Microcontroller sales peaked in about 3Q23, as Figure 1 shows. Last quarter could be the trough. We estimate sales will increase in 2Q25, but the trade war casts a shadow of uncertainty. Moreover, semiconductor inventories are bonkers. Microchip and Texas Instruments both reported 240 days of inventory; nominally, they could shut down manufacturing for eight months and still fulfill every order. At least if another pandemic-era capacity crunch hits, they’re prepared.

Relative MCU revenue
Figure 1. MCU sales relative to 2Q22. (Source: company reports and Xampata Insights LLC analysis.)

Infineon and TI are among the better-faring MCU companies. Both have strong automotive businesses. Infineon stands out for share gains that enabled it to defer by a year the downturn competitors saw. New products softened the cycle for TI, which is also bringing some manufacturing in house, alleviating customers’ availability concerns and hurting or helping TI’s finances, depending on how full it can keep its fabs.

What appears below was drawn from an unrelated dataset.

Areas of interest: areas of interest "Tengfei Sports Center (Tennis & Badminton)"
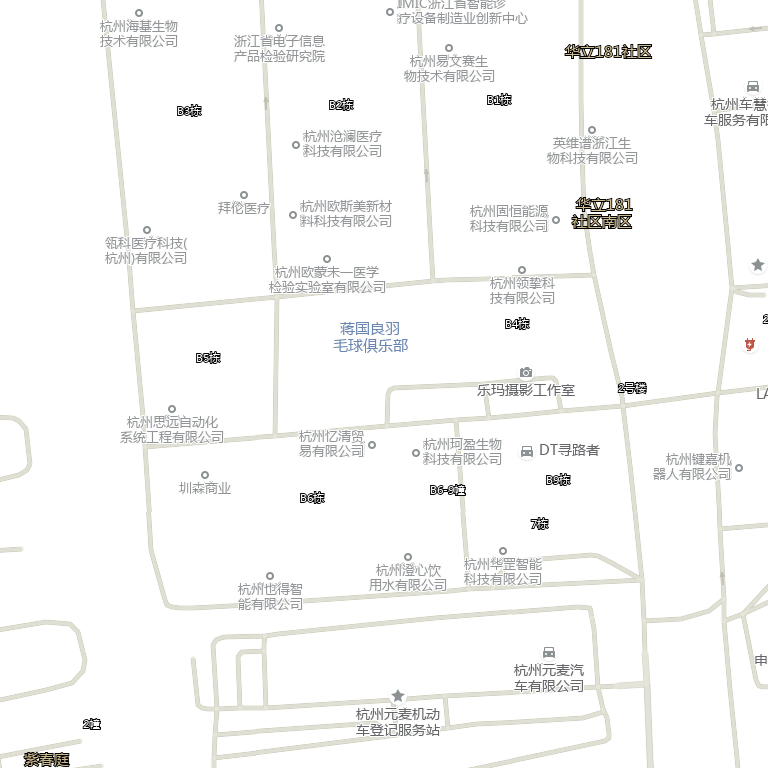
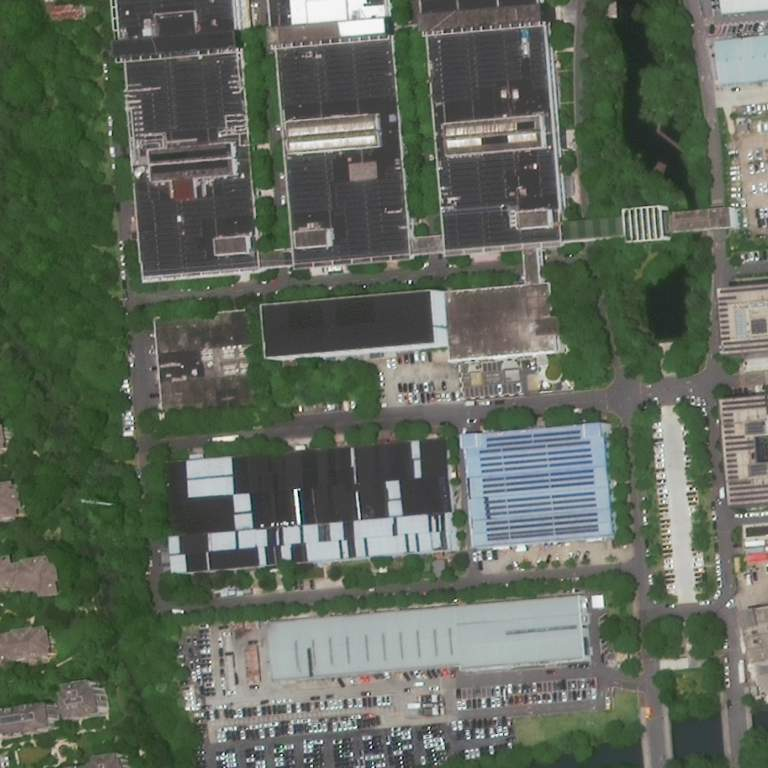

The MCU business affords good visibility. During the past three years, the four companies accurately projected next-quarter sales in their earnings calls. Orders arrive far enough in advance that they should be able to anticipate sales two or more quarters ahead. Considering such foresight, high inventories, stale product lines, and operational problems are even more concerning.

Bottom Line

Semiconductor product markets once rose and fell in unison but no longer. Prosperity is here; it’s just not evenly distributed. AI-processor (NPU/GPU) sales are expanding like a blister in the sun, but other processor markets are coupled to overall economic trends. For the past two years, MCU sales have slid. If the global economy stabilizes, they may return to growth—a big if.